• **REQUIRED WORK**: Some entries follow. Reproduce exactly the lines starting at the one with "#77=CARTESIAN_POINT('Control Point',(-2176.304,0.,203.518)) ;" and stopping after the one with "#91=CARTESIAN_POINT('Control Point',(-2169.64,0.62,206.27)) ;".

(Records from a dataset)
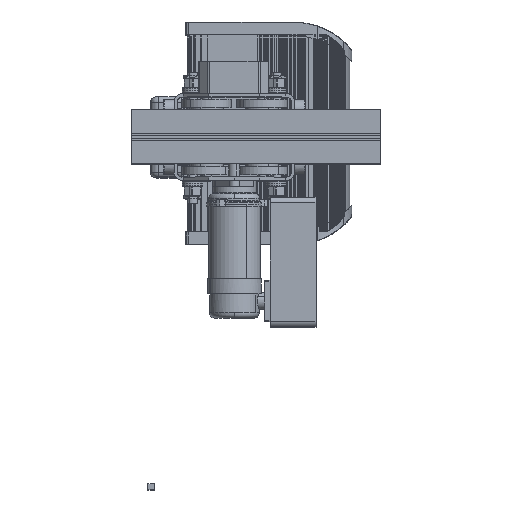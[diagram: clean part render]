
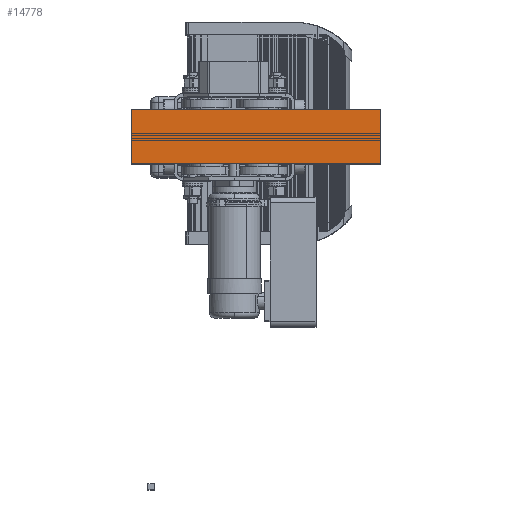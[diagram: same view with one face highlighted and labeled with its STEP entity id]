
A CAD part, top view. The second image highlights one B-rep face of the part: STEP entity #14778.
In plain terms, the highlighted planar face has unit normal (0, 0, 1).
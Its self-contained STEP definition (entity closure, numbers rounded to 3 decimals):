
#14778=ADVANCED_FACE('',(#34460),#34461,.T.);
#17317=EDGE_CURVE('',#32757,#34277,#38118,.T.);
#32757=VERTEX_POINT('',#61445);
#34277=VERTEX_POINT('',#66797);
#34460=FACE_OUTER_BOUND('',#70161,.T.);
#34461=PLANE('',#70162);
#38118=LINE('',#76565,#76566);
#61445=CARTESIAN_POINT('',(231.0,50.0,133.33));
#66797=CARTESIAN_POINT('',(231.0,-50.,133.33));
#70161=EDGE_LOOP('',(#110189,#110190,#110191,#110192));
#70162=AXIS2_PLACEMENT_3D('',#110193,#110194,#110195);
#76565=CARTESIAN_POINT('',(231.0,50.0,133.33));
#76566=VECTOR('',#116706,1.0);
#110189=ORIENTED_EDGE('',*,*,#140594,.T.);
#110190=ORIENTED_EDGE('',*,*,#140595,.F.);
#110191=ORIENTED_EDGE('',*,*,#17317,.F.);
#110192=ORIENTED_EDGE('',*,*,#137029,.T.);
#110193=CARTESIAN_POINT('',(231.0,0.,133.33));
#110194=DIRECTION('',(0.0,0.0,1.0));
#110195=DIRECTION('',(-0.0,1.0,-0.0));
#116706=DIRECTION('',(0.0,-1.0,0.0));
#137029=EDGE_CURVE('',#32757,#147899,#147901,.T.);
#140594=EDGE_CURVE('',#147899,#153051,#153052,.T.);
#140595=EDGE_CURVE('',#34277,#153051,#153053,.T.);
#147899=VERTEX_POINT('',#163471);
#147901=LINE('',#163474,#163475);
#153051=VERTEX_POINT('',#174014);
#153052=LINE('',#174015,#174016);
#153053=LINE('',#174017,#174018);
#163471=CARTESIAN_POINT('',(-231.0,50.0,133.33));
#163474=CARTESIAN_POINT('',(231.0,50.0,133.33));
#163475=VECTOR('',#185491,1.0);
#174014=CARTESIAN_POINT('',(-231.0,-50.,133.33));
#174015=CARTESIAN_POINT('',(-231.0,50.0,133.33));
#174016=VECTOR('',#189801,1.0);
#174017=CARTESIAN_POINT('',(231.0,-50.,133.33));
#174018=VECTOR('',#189802,1.0);
#185491=DIRECTION('',(-1.0,0.0,0.0));
#189801=DIRECTION('',(0.0,-1.0,0.0));
#189802=DIRECTION('',(-1.0,0.0,0.0));
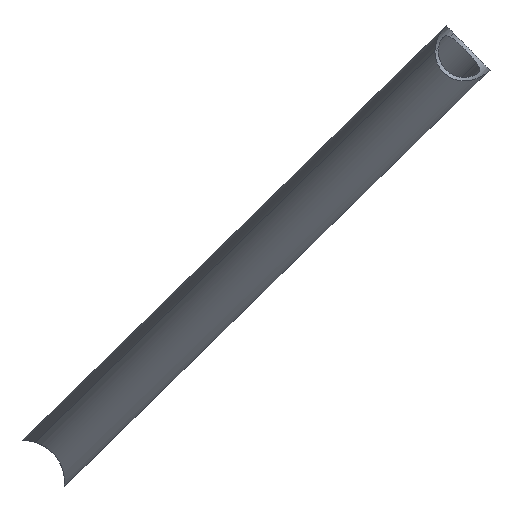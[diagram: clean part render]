
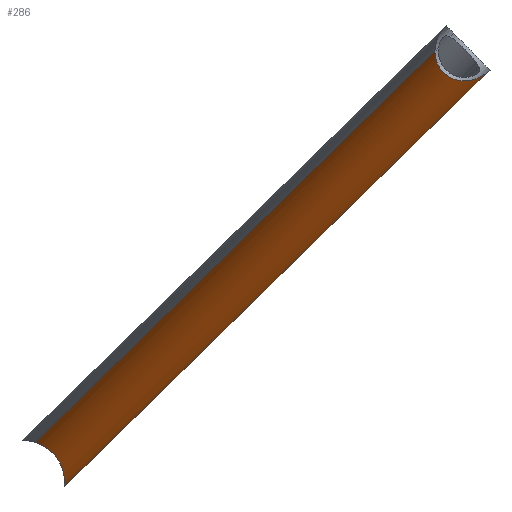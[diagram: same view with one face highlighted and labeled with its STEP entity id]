
A CAD part, front view. The second image highlights one B-rep face of the part: STEP entity #286.
In plain terms, the highlighted cylindrical face has radius 7.5 mm (diameter 15 mm), a partial arc.
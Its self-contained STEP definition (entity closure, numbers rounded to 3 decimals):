
#61=CARTESIAN_POINT('Vertex',(-2182.828,0.,210.783)) ;
#67=CARTESIAN_POINT('Control Point',(-2169.638,0.,206.268)) ;
#68=CARTESIAN_POINT('Control Point',(-2169.75,0.,206.158)) ;
#69=CARTESIAN_POINT('Control Point',(-2169.865,0.,206.051)) ;
#70=CARTESIAN_POINT('Control Point',(-2169.958,0.,205.968)) ;
#71=CARTESIAN_POINT('Control Point',(-2170.121,0.,205.825)) ;
#72=CARTESIAN_POINT('Control Point',(-2170.289,0.,205.687)) ;
#73=CARTESIAN_POINT('Control Point',(-2170.386,0.,205.609)) ;
#74=CARTESIAN_POINT('Control Point',(-2171.511,0.,204.745)) ;
#75=CARTESIAN_POINT('Control Point',(-2172.798,0.,204.102)) ;
#76=CARTESIAN_POINT('Control Point',(-2174.04,0.,203.733)) ;
#77=CARTESIAN_POINT('Control Point',(-2176.304,0.,203.518)) ;
#78=CARTESIAN_POINT('Control Point',(-2178.478,0.,204.112)) ;
#79=CARTESIAN_POINT('Control Point',(-2179.37,0.,204.528)) ;
#80=CARTESIAN_POINT('Control Point',(-2181.083,0.,205.746)) ;
#81=CARTESIAN_POINT('Control Point',(-2182.228,0.,207.519)) ;
#82=CARTESIAN_POINT('Control Point',(-2182.633,0.,208.577)) ;
#83=CARTESIAN_POINT('Control Point',(-2182.828,0.,209.68)) ;
#84=CARTESIAN_POINT('Control Point',(-2182.828,0.,210.783)) ;
#85=CARTESIAN_POINT('Vertex',(-2169.638,0.,206.268)) ;
#89=CARTESIAN_POINT('Control Point',(-2169.638,0.,206.268)) ;
#90=CARTESIAN_POINT('Control Point',(-2169.638,0.31,206.268)) ;
#91=CARTESIAN_POINT('Control Point',(-2169.64,0.62,206.27)) ;
#92=CARTESIAN_POINT('Control Point',(-2169.644,0.87,206.274)) ;
#93=CARTESIAN_POINT('Control Point',(-2169.652,1.31,206.283)) ;
#94=CARTESIAN_POINT('Control Point',(-2169.665,1.75,206.296)) ;
#95=CARTESIAN_POINT('Control Point',(-2169.673,2.,206.304)) ;
#96=CARTESIAN_POINT('Control Point',(-2169.735,3.537,206.367)) ;
#97=CARTESIAN_POINT('Control Point',(-2169.852,5.067,206.487)) ;
#98=CARTESIAN_POINT('Control Point',(-2169.981,6.278,206.618)) ;
#99=CARTESIAN_POINT('Control Point',(-2170.271,8.355,206.915)) ;
#100=CARTESIAN_POINT('Control Point',(-2170.7,10.381,207.353)) ;
#101=CARTESIAN_POINT('Control Point',(-2170.906,11.214,207.564)) ;
#102=CARTESIAN_POINT('Control Point',(-2171.143,12.035,207.807)) ;
#103=CARTESIAN_POINT('Control Point',(-2171.42,12.827,208.09)) ;
#104=CARTESIAN_POINT('Vertex',(-2171.42,12.827,208.09)) ;
#203=CARTESIAN_POINT('Axis2P3D Location',(-2228.037,152.123,159.625)) ;
#208=CARTESIAN_POINT('Line Origine',(-2235.117,149.649,159.625)) ;
#212=CARTESIAN_POINT('Vertex',(-2278.514,273.848,117.167)) ;
#216=CARTESIAN_POINT('Control Point',(-2278.514,273.848,117.167)) ;
#217=CARTESIAN_POINT('Control Point',(-2278.342,273.356,117.114)) ;
#218=CARTESIAN_POINT('Control Point',(-2278.164,272.867,117.054)) ;
#219=CARTESIAN_POINT('Control Point',(-2277.978,272.382,116.986)) ;
#220=CARTESIAN_POINT('Control Point',(-2277.585,271.411,116.833)) ;
#221=CARTESIAN_POINT('Control Point',(-2277.151,270.466,116.635)) ;
#222=CARTESIAN_POINT('Control Point',(-2276.922,270.,116.521)) ;
#223=CARTESIAN_POINT('Control Point',(-2276.454,269.127,116.271)) ;
#224=CARTESIAN_POINT('Control Point',(-2275.915,268.329,115.93)) ;
#225=CARTESIAN_POINT('Control Point',(-2275.636,267.967,115.738)) ;
#226=CARTESIAN_POINT('Control Point',(-2275.216,267.53,115.422)) ;
#227=CARTESIAN_POINT('Control Point',(-2274.755,267.268,115.013)) ;
#228=CARTESIAN_POINT('Control Point',(-2274.627,267.213,114.895)) ;
#229=CARTESIAN_POINT('Control Point',(-2274.355,267.137,114.632)) ;
#230=CARTESIAN_POINT('Control Point',(-2274.091,267.154,114.35)) ;
#231=CARTESIAN_POINT('Control Point',(-2273.959,267.19,114.201)) ;
#232=CARTESIAN_POINT('Control Point',(-2273.665,267.327,113.854)) ;
#233=CARTESIAN_POINT('Control Point',(-2273.417,267.568,113.525)) ;
#234=CARTESIAN_POINT('Control Point',(-2273.288,267.73,113.344)) ;
#235=CARTESIAN_POINT('Control Point',(-2273.007,268.165,112.926)) ;
#236=CARTESIAN_POINT('Control Point',(-2272.788,268.672,112.552)) ;
#237=CARTESIAN_POINT('Control Point',(-2272.675,268.986,112.345)) ;
#238=CARTESIAN_POINT('Control Point',(-2272.417,269.813,111.842)) ;
#239=CARTESIAN_POINT('Control Point',(-2272.227,270.692,111.398)) ;
#240=CARTESIAN_POINT('Control Point',(-2272.129,271.234,111.145)) ;
#241=CARTESIAN_POINT('Control Point',(-2271.913,272.64,110.533)) ;
#242=CARTESIAN_POINT('Control Point',(-2271.771,274.087,109.996)) ;
#243=CARTESIAN_POINT('Control Point',(-2271.702,274.973,109.69)) ;
#244=CARTESIAN_POINT('Control Point',(-2271.579,277.046,109.024)) ;
#245=CARTESIAN_POINT('Control Point',(-2271.52,279.15,108.448)) ;
#246=CARTESIAN_POINT('Control Point',(-2271.501,280.35,108.147)) ;
#247=CARTESIAN_POINT('Control Point',(-2271.493,281.56,107.87)) ;
#248=CARTESIAN_POINT('Control Point',(-2271.493,282.775,107.621)) ;
#249=CARTESIAN_POINT('Vertex',(-2271.493,282.775,107.621)) ;
#253=CARTESIAN_POINT('Control Point',(-2271.535,294.126,106.708)) ;
#254=CARTESIAN_POINT('Control Point',(-2271.562,291.857,106.413)) ;
#255=CARTESIAN_POINT('Control Point',(-2271.555,289.54,106.551)) ;
#256=CARTESIAN_POINT('Control Point',(-2271.517,287.279,106.792)) ;
#257=CARTESIAN_POINT('Control Point',(-2271.493,285.016,107.162)) ;
#258=CARTESIAN_POINT('Control Point',(-2271.493,282.775,107.621)) ;
#259=CARTESIAN_POINT('Vertex',(-2271.535,294.126,106.708)) ;
#263=CARTESIAN_POINT('Control Point',(-2271.535,294.126,106.708)) ;
#264=CARTESIAN_POINT('Control Point',(-2270.449,293.191,108.018)) ;
#265=CARTESIAN_POINT('Control Point',(-2269.57,292.09,109.381)) ;
#266=CARTESIAN_POINT('Control Point',(-2268.824,290.971,110.772)) ;
#267=CARTESIAN_POINT('Control Point',(-2268.205,289.818,112.23)) ;
#268=CARTESIAN_POINT('Control Point',(-2267.818,288.711,113.778)) ;
#269=CARTESIAN_POINT('Vertex',(-2267.818,288.711,113.778)) ;
#272=CARTESIAN_POINT('Line Origine',(-2220.957,154.597,159.625)) ;
#204=DIRECTION('Axis2P3D Direction',(0.314,-0.898,0.307)) ;
#205=DIRECTION('Axis2P3D XDirection',(-0.944,-0.33,0.)) ;
#209=DIRECTION('Vector Direction',(0.314,-0.898,0.307)) ;
#273=DIRECTION('Vector Direction',(0.314,-0.898,0.307)) ;
#206=AXIS2_PLACEMENT_3D('Cylinder Axis2P3D',#203,#204,#205) ;
#278=ORIENTED_EDGE('',*,*,#214,.F.) ;
#279=ORIENTED_EDGE('',*,*,#251,.T.) ;
#280=ORIENTED_EDGE('',*,*,#261,.F.) ;
#281=ORIENTED_EDGE('',*,*,#271,.T.) ;
#282=ORIENTED_EDGE('',*,*,#276,.T.) ;
#283=ORIENTED_EDGE('',*,*,#106,.F.) ;
#284=ORIENTED_EDGE('',*,*,#87,.T.) ;
#210=VECTOR('Line Direction',#209,1.) ;
#274=VECTOR('Line Direction',#273,1.) ;
#286=ADVANCED_FACE('Corps principal',(#285),#207,.T.) ;
#66=B_SPLINE_CURVE_WITH_KNOTS('',5,(#67,#68,#69,#70,#71,#72,#73,#74,#75,#76,#77,#78,#79,#80,#81,#82,#83,#84),.UNSPECIFIED.,.F.,.U.,(6,3,3,3,3,6),(0.,1.111,2.221,11.139,17.963,25.764),.UNSPECIFIED.) ;
#88=B_SPLINE_CURVE_WITH_KNOTS('',5,(#89,#90,#91,#92,#93,#94,#95,#96,#97,#98,#99,#100,#101,#102,#103),.UNSPECIFIED.,.F.,.U.,(6,3,3,3,6),(0.,2.192,4.384,13.071,19.336),.UNSPECIFIED.) ;
#215=B_SPLINE_CURVE_WITH_KNOTS('',5,(#216,#217,#218,#219,#220,#221,#222,#223,#224,#225,#226,#227,#228,#229,#230,#231,#232,#233,#234,#235,#236,#237,#238,#239,#240,#241,#242,#243,#244,#245,#246,#247,#248),.UNSPECIFIED.,.F.,.U.,(6,3,3,3,3,3,3,3,3,3,6),(0.,3.705,7.481,10.913,12.2,13.621,15.542,18.317,22.621,29.265,38.038),.UNSPECIFIED.) ;
#252=B_SPLINE_CURVE_WITH_KNOTS('',5,(#253,#254,#255,#256,#257,#258),.UNSPECIFIED.,.F.,.U.,(6,6),(4.759,20.932),.UNSPECIFIED.) ;
#262=B_SPLINE_CURVE_WITH_KNOTS('',5,(#263,#264,#265,#266,#267,#268),.UNSPECIFIED.,.F.,.U.,(6,6),(26.211,39.941),.UNSPECIFIED.) ;
#207=CYLINDRICAL_SURFACE('generated cylinder',#206,7.5) ;
#87=EDGE_CURVE('',#86,#62,#66,.T.) ;
#106=EDGE_CURVE('',#86,#105,#88,.T.) ;
#214=EDGE_CURVE('',#213,#62,#211,.T.) ;
#251=EDGE_CURVE('',#213,#250,#215,.T.) ;
#261=EDGE_CURVE('',#260,#250,#252,.T.) ;
#271=EDGE_CURVE('',#260,#270,#262,.T.) ;
#276=EDGE_CURVE('',#270,#105,#275,.T.) ;
#277=EDGE_LOOP('',(#278,#279,#280,#281,#282,#283,#284)) ;
#285=FACE_OUTER_BOUND('',#277,.T.) ;
#211=LINE('Line',#208,#210) ;
#275=LINE('Line',#272,#274) ;
#62=VERTEX_POINT('',#61) ;
#86=VERTEX_POINT('',#85) ;
#105=VERTEX_POINT('',#104) ;
#213=VERTEX_POINT('',#212) ;
#250=VERTEX_POINT('',#249) ;
#260=VERTEX_POINT('',#259) ;
#270=VERTEX_POINT('',#269) ;

• **RESPONSE TO THE TASK**:
#77=CARTESIAN_POINT('Control Point',(-2176.304,0.,203.518)) ;
#78=CARTESIAN_POINT('Control Point',(-2178.478,0.,204.112)) ;
#79=CARTESIAN_POINT('Control Point',(-2179.37,0.,204.528)) ;
#80=CARTESIAN_POINT('Control Point',(-2181.083,0.,205.746)) ;
#81=CARTESIAN_POINT('Control Point',(-2182.228,0.,207.519)) ;
#82=CARTESIAN_POINT('Control Point',(-2182.633,0.,208.577)) ;
#83=CARTESIAN_POINT('Control Point',(-2182.828,0.,209.68)) ;
#84=CARTESIAN_POINT('Control Point',(-2182.828,0.,210.783)) ;
#85=CARTESIAN_POINT('Vertex',(-2169.638,0.,206.268)) ;
#89=CARTESIAN_POINT('Control Point',(-2169.638,0.,206.268)) ;
#90=CARTESIAN_POINT('Control Point',(-2169.638,0.31,206.268)) ;
#91=CARTESIAN_POINT('Control Point',(-2169.64,0.62,206.27)) ;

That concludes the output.